## Brief
In the listing below, find the line containing "Title: Wall facing" and the line containing "Description: Running design". Repeat exactly those two lines and every line between them, nothing more.

Segment Start: Provided records

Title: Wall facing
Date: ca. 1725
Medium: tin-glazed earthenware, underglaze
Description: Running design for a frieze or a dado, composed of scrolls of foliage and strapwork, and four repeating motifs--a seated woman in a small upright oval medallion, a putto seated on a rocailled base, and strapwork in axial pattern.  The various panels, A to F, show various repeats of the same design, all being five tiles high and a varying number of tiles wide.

Segment End: Provided records
Segment Start: Provided records

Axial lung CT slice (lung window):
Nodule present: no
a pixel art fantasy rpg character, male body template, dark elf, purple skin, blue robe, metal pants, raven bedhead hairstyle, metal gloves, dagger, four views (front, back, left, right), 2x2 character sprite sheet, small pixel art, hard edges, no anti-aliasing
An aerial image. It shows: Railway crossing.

Segment End: Provided records
Segment Start: Provided records

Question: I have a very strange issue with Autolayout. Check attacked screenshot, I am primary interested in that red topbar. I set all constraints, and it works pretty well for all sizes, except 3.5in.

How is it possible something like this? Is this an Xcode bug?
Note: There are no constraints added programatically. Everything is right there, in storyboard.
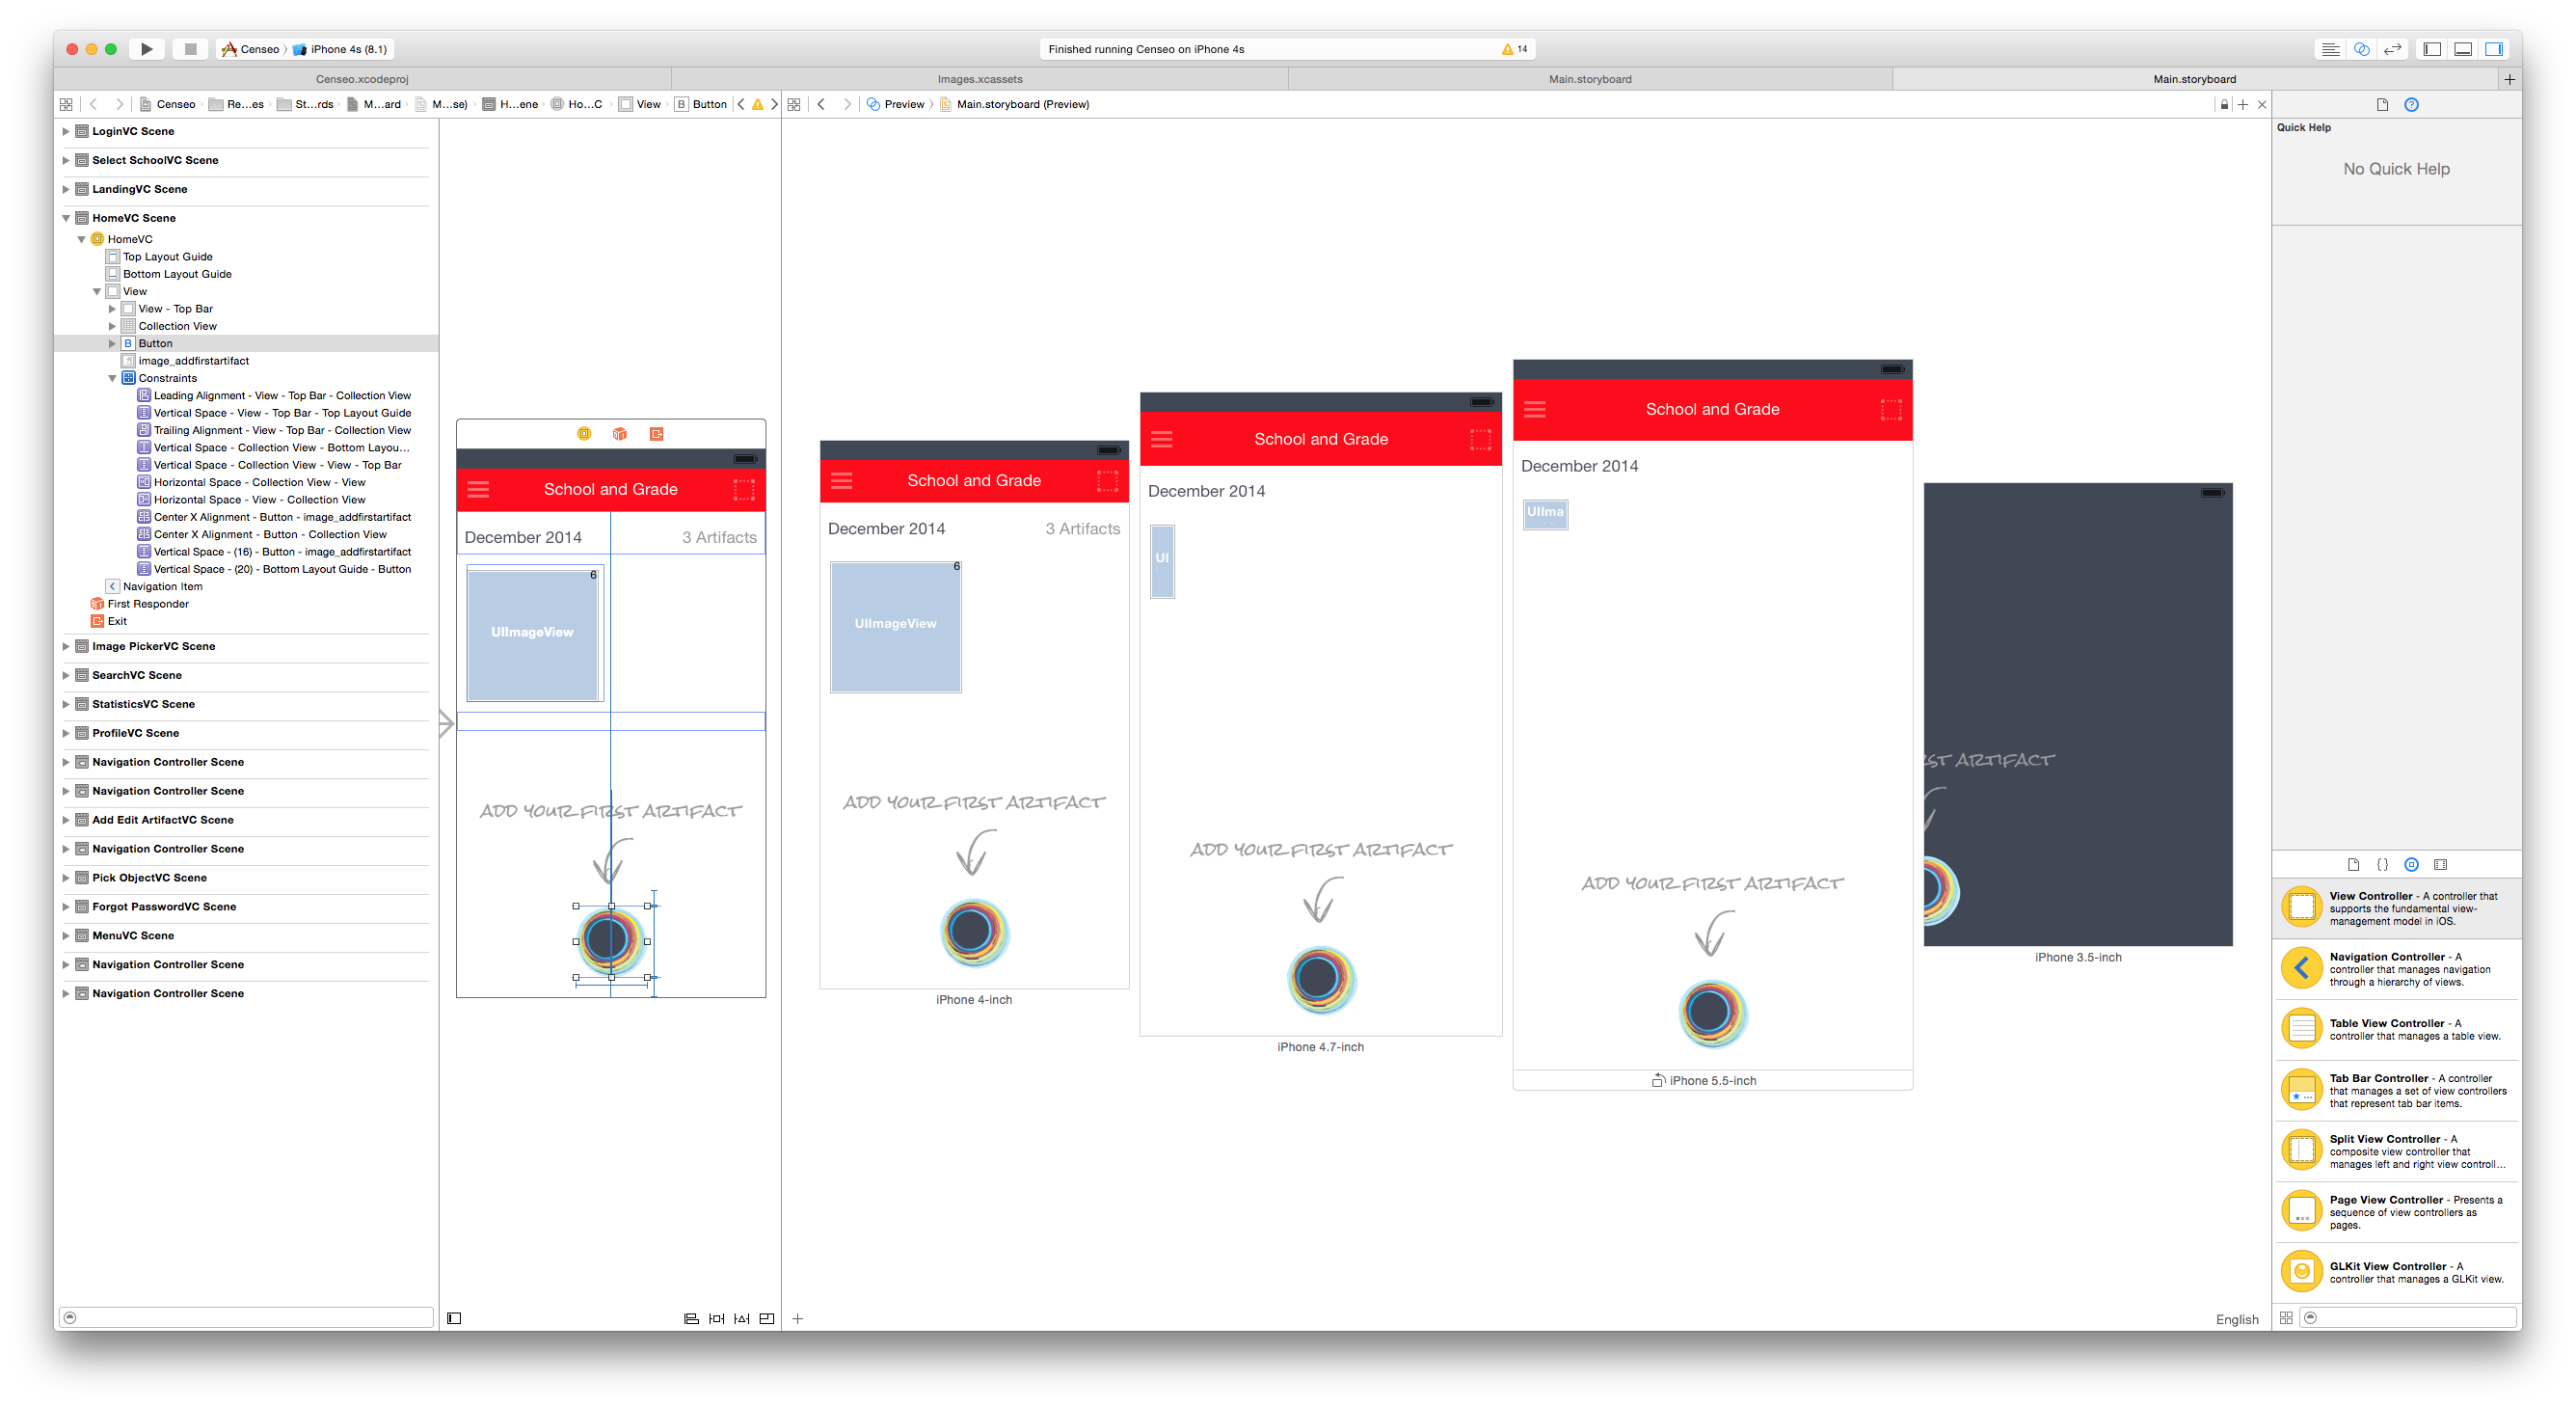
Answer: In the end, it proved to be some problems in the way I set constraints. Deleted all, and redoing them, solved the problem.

Segment End: Provided records

## Exercise result
Title: Wall facing
Date: ca. 1725
Medium: tin-glazed earthenware, underglaze
Description: Running design for a frieze or a dado, composed of scrolls of foliage and strapwork, and four repeating motifs--a seated woman in a small upright oval medallion, a putto seated on a rocailled base, and strapwork in axial pattern.  The various panels, A to F, show various repeats of the same design, all being five tiles high and a varying number of tiles wide.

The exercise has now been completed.